Copy out the records precisely, omitting pictures.

####################

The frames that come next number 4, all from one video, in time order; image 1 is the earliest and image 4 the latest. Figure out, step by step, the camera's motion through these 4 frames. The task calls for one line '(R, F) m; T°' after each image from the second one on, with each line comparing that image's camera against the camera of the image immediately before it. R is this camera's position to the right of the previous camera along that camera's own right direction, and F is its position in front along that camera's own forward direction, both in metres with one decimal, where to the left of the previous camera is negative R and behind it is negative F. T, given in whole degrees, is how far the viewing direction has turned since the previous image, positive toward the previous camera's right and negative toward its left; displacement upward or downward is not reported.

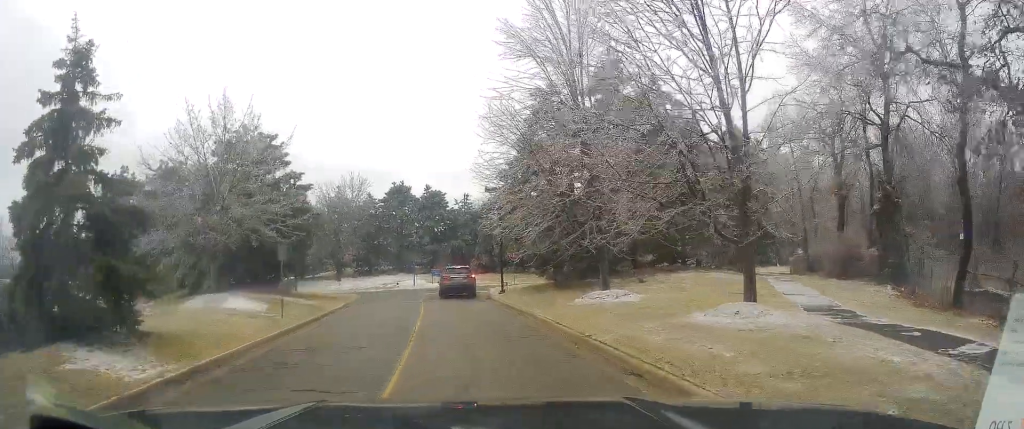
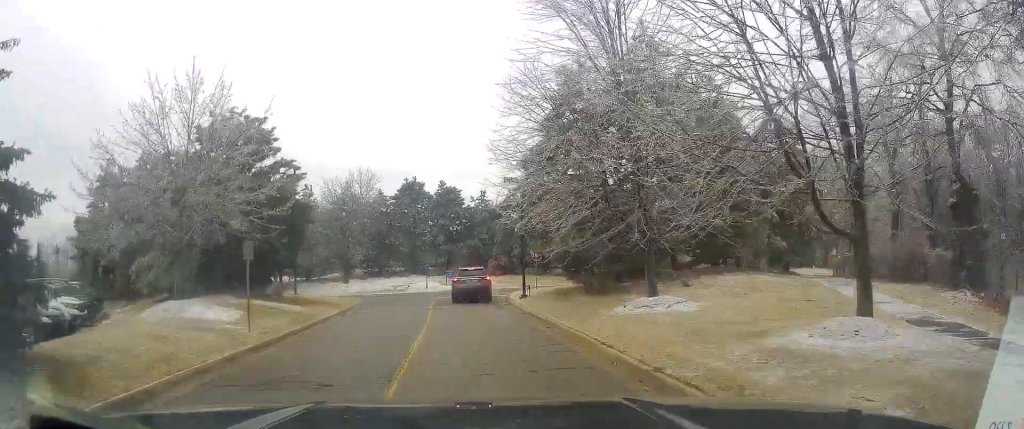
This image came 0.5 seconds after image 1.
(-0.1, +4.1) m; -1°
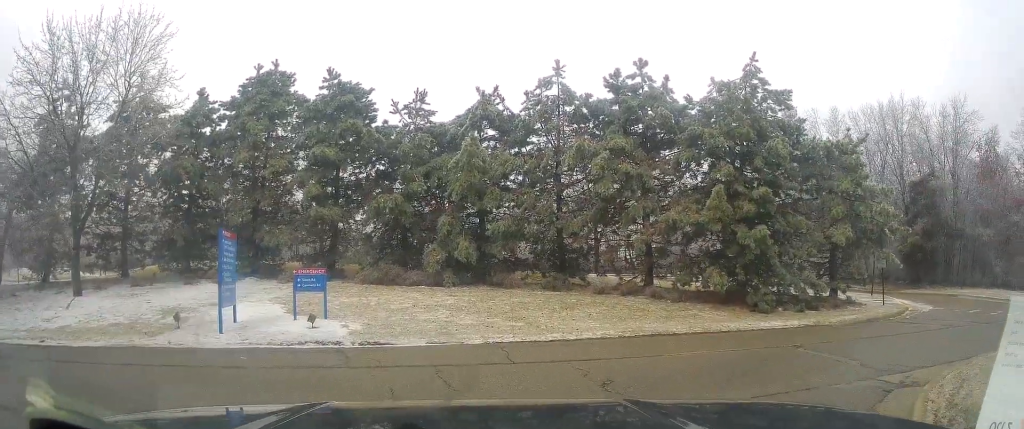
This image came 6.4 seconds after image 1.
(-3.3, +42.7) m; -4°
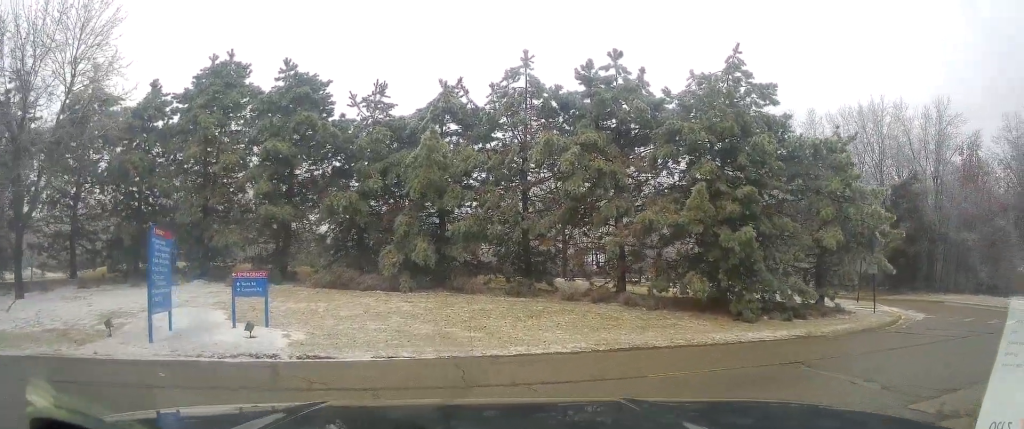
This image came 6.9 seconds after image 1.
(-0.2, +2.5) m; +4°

####################

_PROBLEM SOLUTION_.
The frames that come next number 4, all from one video, in time order; image 1 is the earliest and image 4 the latest. Figure out, step by step, the camera's motion through these 4 frames. The task calls for one line '(R, F) m; T°' after each image from the second one on, with each line comparing that image's camera against the camera of the image immediately before it. R is this camera's position to the right of the previous camera along that camera's own right direction, and F is its position in front along that camera's own forward direction, both in metres with one decimal, where to the left of the previous camera is negative R and behind it is negative F. T, given in whole degrees, is how far the viewing direction has turned since the previous image, positive toward the previous camera's right and negative toward its left; displacement upward or downward is not reported.

This image came 0.5 seconds after image 1.
(-0.1, +4.1) m; -1°
This image came 6.4 seconds after image 1.
(-3.3, +42.7) m; -4°
This image came 6.9 seconds after image 1.
(-0.2, +2.5) m; +4°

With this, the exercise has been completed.